Наутро зазвонил мой британский мобильник — с номера, которого я не узнала. Не мать, не Эйми, не кто-то из отцов ее детей, не три приятеля по колледжу, которые еще не отчаялись раз или два в год выманить меня куда-нибудь с ними выпить перед каким-нибудь моим вылетом. Голос поначалу я тоже не признала: я никогда не слышала Мириам такой суровой или холодной.
— Но вы же понимаете, — спросила она после нескольких неловких учтивостей, — что ваша мать действительно очень больна?
Я лежала на серой плюшевой тахте Эйми, глядя в окно на Кензингтон-Гарденз — серый шифер, голубое небо, зеленые дубы — и понимала, покуда Мириам объясняла мне ситуацию, что вид этот сливается с предыдущим: серый цемент, голубое небо над верхушками конских каштанов, вдоль по Уиллзден-лейн на железную дорогу. В соседней комнате нянька Эстелль пыталась муштровать детей Эйми — с этим певучим выговором, какой я связывала с самыми ранними своими воспоминаниями: колыбельными, сказками для ванны и перед сном, шлепками деревянной ложкой. С лучами фар проезжавших машин, скользившими по потолку.
— Алло? Вы еще здесь?
Третья стадия: началось у нее в позвоночнике. Частично успешная операция еще в феврале (где я была, в феврале-то?). Теперь она в ремиссии, но от последнего натиска химиотерапии стала очень хрупка. Ей следовало отдыхать, дать себе восстановиться. Безумие, что она по-прежнему ходит в Палату, безумие, что пошла со мной ужинать, безумие, что я ей позволила.
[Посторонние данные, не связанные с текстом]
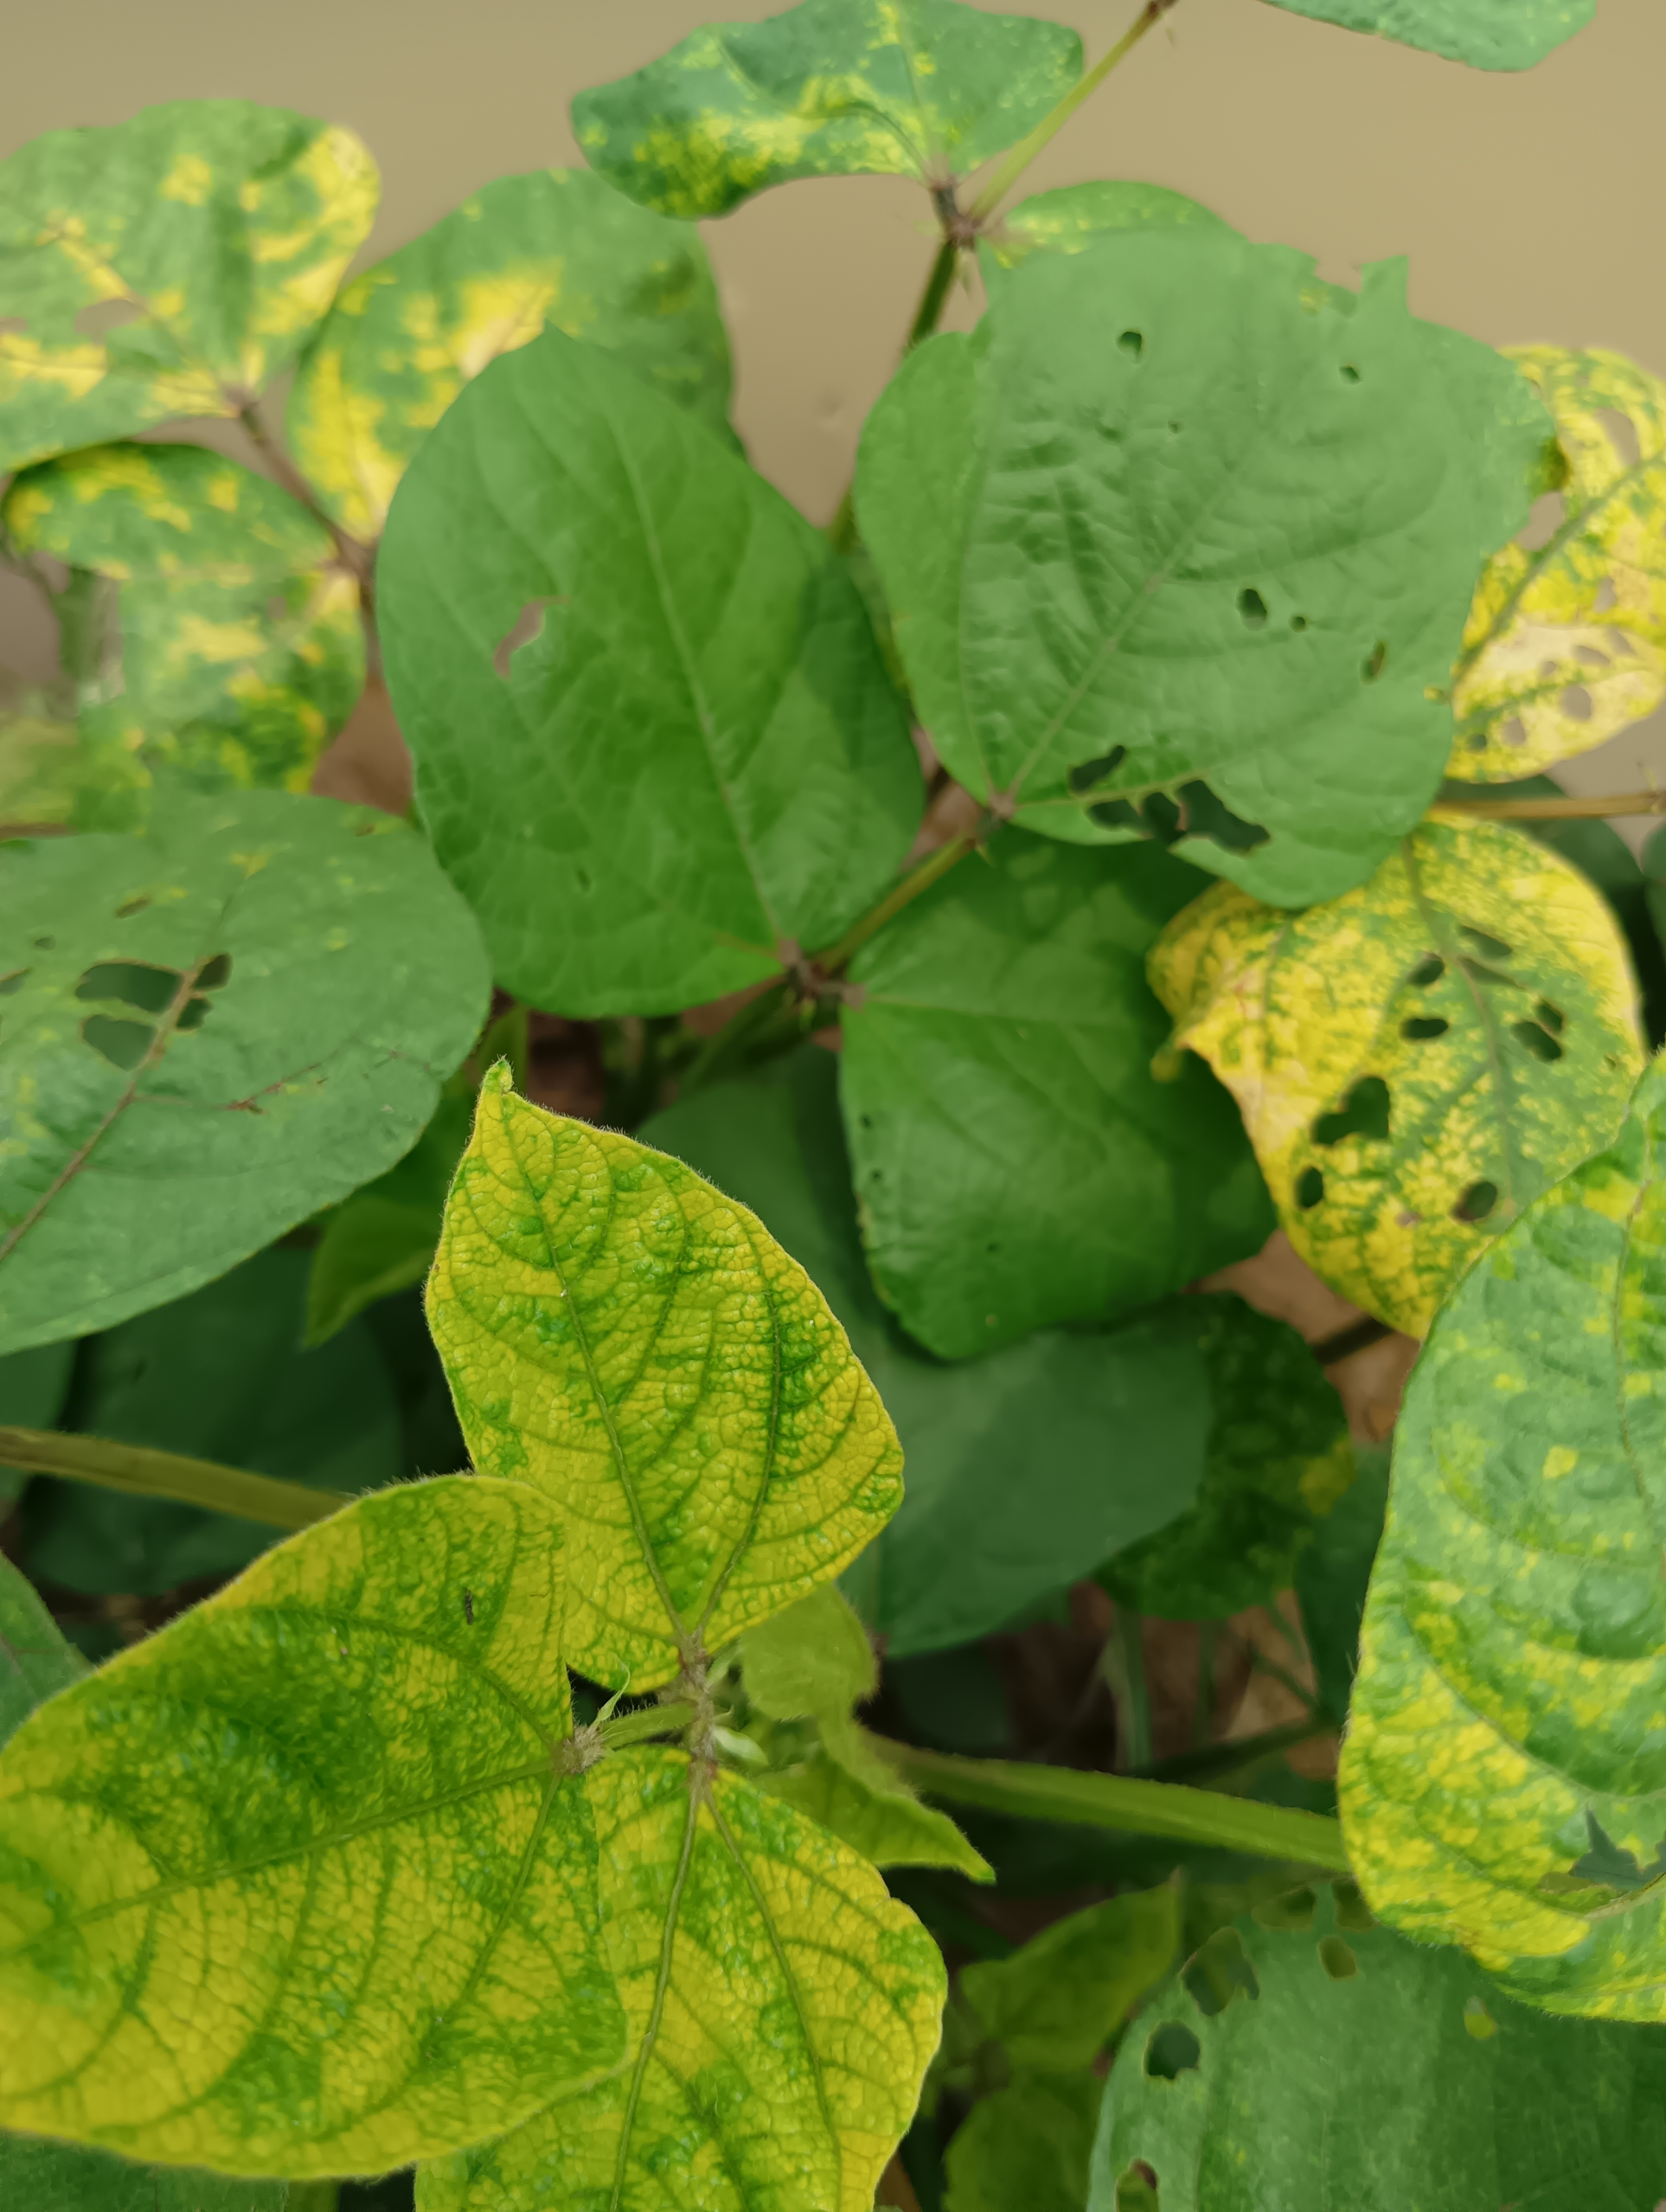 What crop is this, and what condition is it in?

— Откуда мне было знать? Она ничего мне не говорила.
Я услышала, как Мириам цвиркнула мне зубом.
— Да любой, кому хватает здравого смысла, посмотрит на эту женщину и поймет — что-то не так!
Я заплакала. Мириам терпеливо слушала. Инстинктивно мне хотелось дать отбой и позвонить матери, но когда я попробовала это сделать, Мириам взмолилась: не надо.
— Она не хочет, чтоб вы знали. Знает, что вам нужно ездить и что не — ей не хочется расстраивать ваши планы. Она поймет, что это я вам сказала. Знаю про это только я.
Я не могла вытерпеть такого виденья себя — человека, у которого собственная мать скорее умрет, чем побеспокоит. Чтобы этого избежать, я пошарила вокруг, ища какой-нибудь драматический жест и, не зная толком, возможно это или нет, предложила услуги множества частных врачей Эйми с Харли-стрит[200]. Мириам печально хмыкнула.
— Частных? Вы что, свою мать до сих пор не знаете? Нет, если хотите что-то для нее сделать, могу вам подсказать, что для нее сейчас будет самым важным. Ей не дает покоя эта чокнутая! Не знаю, отчего у нее эта одержимость, но она должна прекратиться, больше она сейчас ни о чем не думает — и в такое время это ей совсем не нужно. Она мне сказала, что разговаривала с вами по этому поводу.
— Да. Она мне собиралась переслать электронные письма, но пока не переслала.
— У меня есть, я сама это устрою.
— А, ладно… Я думала — то есть она сказала мне за ужином, что вы с ней…
— Да, много месяцев назад. Но ваша мать — тот человек, кто навсегда останется в моей жизни. Она не из тех, кто оставляет вашу жизнь, сколько-то побыв в ней. В общем, когда тот, кто вам очень небезразличен, заболевает, все остальное… просто меркнет.